“Coming out of the closet” is often perceived as a choice that a person takes because they want to. Glitter, flowers, fur, runway fashion and stars shine on the stage. Light meets glitter, creating mirrors of lights like a disco ball. Wear your skin comfortably today. Wigs are about to be snatched. It is about to go down!
Crowns of beauty and makeup products decorate the stage. Red lips and glittered eyelids. Bald heads, contoured faces and two long-legged ladies lead the show. A contagious ambiance flows from the stage to the audience like a Grahamstown breeze hitting your face cold. The audience walks in lively. Their voices call out in excitement. “This is everything!” whispers an audience member in anticipation.
Diana Ross bursts the speakers with liberating lyrics:
I’m coming out / I want the world to know / Got to let it show!
“Yesss!” screams the crowd. It is amazing how the performance of society’s caricatures of what it is to be gay enamour and entertain audiences; while in real life gay men and lesbian women are battered and scarred in tongue and hand.
Rainbow disco lights shine bright like the rainbow of the lesbian, gay, bisexual, transgender, queer and pansexual (LGBTQP) community. The music sets the mood like music ought to. The lyrics are like the engine of a car propelling the plot.
“Dumelang bo moghyel le bo moboy! And all our convertibles in the room. Our trans people”.
Hijinks Theatre & ZikkaZimba Productions collaborate to create a truth-telling story, Born Naked. Satire and loads of drama; songs and smooth, fluid dance moves depict a hilarious story of two gay men on a journey of self-discovery. Drag queens, high heels, bling-bling and beauty competitions aid in driving this narrative.
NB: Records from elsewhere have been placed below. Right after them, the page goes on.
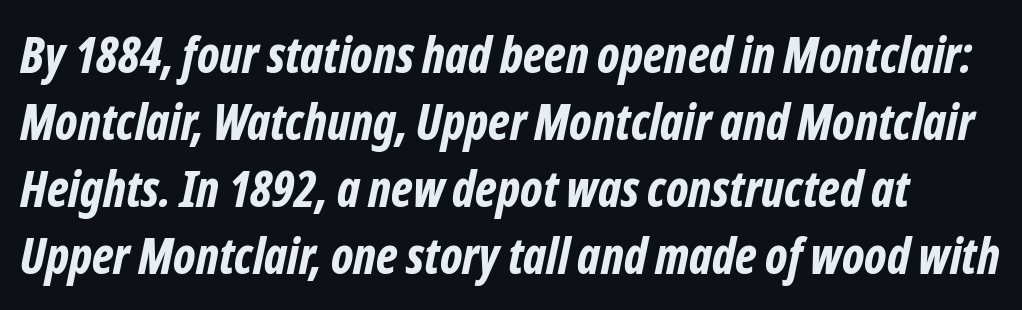
Q: Is the text bold? A: Yes.
Q: Is the text italic (slanted)? A: Yes, it leans right by about 12 degrees.
Q: Is the text underlined? A: No.
Q: Is the spacing between letters normal or unusually wide? A: Normal.
Q: Is the spacing between lines tight, normal or loose? A: Normal.
Q: Width (condensed, normal, or wide)? A: Condensed.
Q: Stroke contrast? A: Low.
Q: x-height? A: Medium.
Q: Monospaced? A: No.
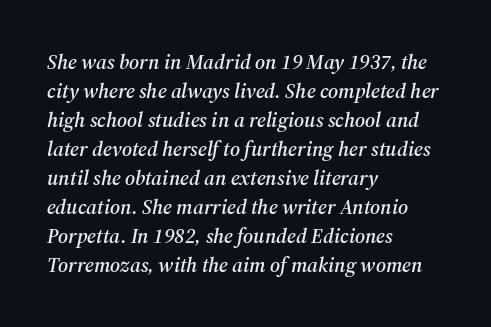
{"italic": "yes", "lean": "right", "slant_degrees": 12, "underline": "no", "align": "left", "line_spacing": "normal", "line_spacing_ratio": 1.38, "letter_spacing": "normal", "letter_spacing_em": 0.0, "glyph_px": 21}
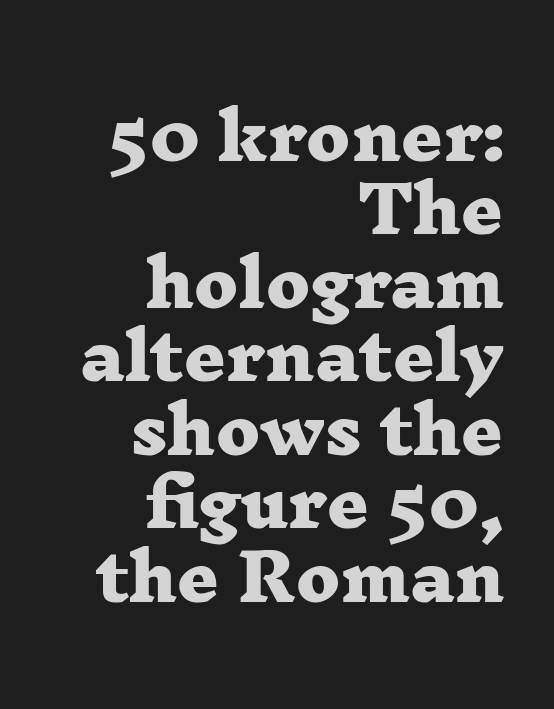
Q: Is the text bold? A: Yes.
Q: Is the typeface a serif or a sans-serif typeface? A: Serif.
Q: Is the text underlined? A: No.
Q: How is the paragraph aligned? A: Right-aligned.
Q: Is the spacing between letters normal or unusually wide? A: Normal.
Q: Is the spacing between lines tight, normal or loose? A: Tight.
Q: Width (condensed, normal, or wide)? A: Wide.
Q: Stroke contrast? A: Low.
Q: x-height? A: Medium.
Q: Monospaced? A: No.
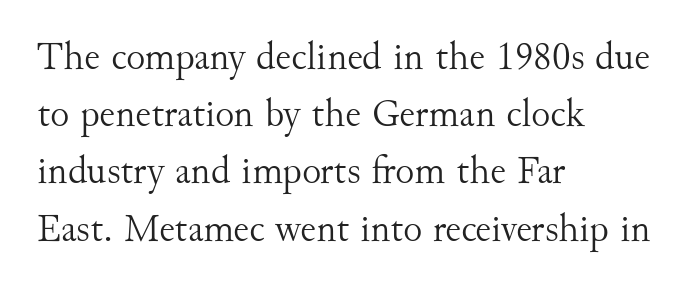
{"serif": "yes", "italic": "no", "bold": "no", "weight": "light", "width": "normal", "stroke_contrast": "medium", "x_height": "small", "monospaced": "no", "underline": "no", "align": "left", "line_spacing": "normal", "line_spacing_ratio": 1.43, "letter_spacing": "normal", "letter_spacing_em": 0.0, "glyph_px": 40}

Blaq Widow (Jake Nathane) and Queen Bling (Lethabo Bereng) unfold the struggles gay men undergo. Patriarchs turn into policemen and homes become restriction orders, where you are prohibited to go because you are “a confused young boy”. Songs like Helen Reddy’s I Am Woman strengthen this awakening performance, reminding society that drag queen simply translates to “gender-bending illusionist”.
Bling Queen reminds the crowd that a limited number of designers (including Gert-Johan Coetzee and David Tlale) can dress up black women. Gay pride is enlaced into the script – a perfect way of closing off Pride Month in truth and colour.
Affirmatory Brenda Fassie lyrics, “I’m no weekend special!” remind all women that they are not booty calls. The script comes to grips with questions society usually asks the LGBT community: “Are you a woman?”
Bereng plays the character of a transgender woman who takes her first step into womanhood in her early twenties. She sacrifices all her savings for her surgery. The misconceptions around transitioning are grappled with. The challenges transgender women face in South Africa (such as Steve Biko Academic Hospital being one of the few medical institutions that provide gender reassignment therapy) are highlighted. The lack of testosterone in state hospitals is shown through how birth control is used instead.
Born Naked tells a story of how finding solace and uniformity becomes a pursuit. It tells of how liberating it is to not be beaten up for your sexuality. It recounts how amazing it is to find someone who appreciates you for who you are.
“Two men approached her asking her about her gender. Something was wrong… She always says goodbye… her tongue and genitalia were cut and placed in her mouth.”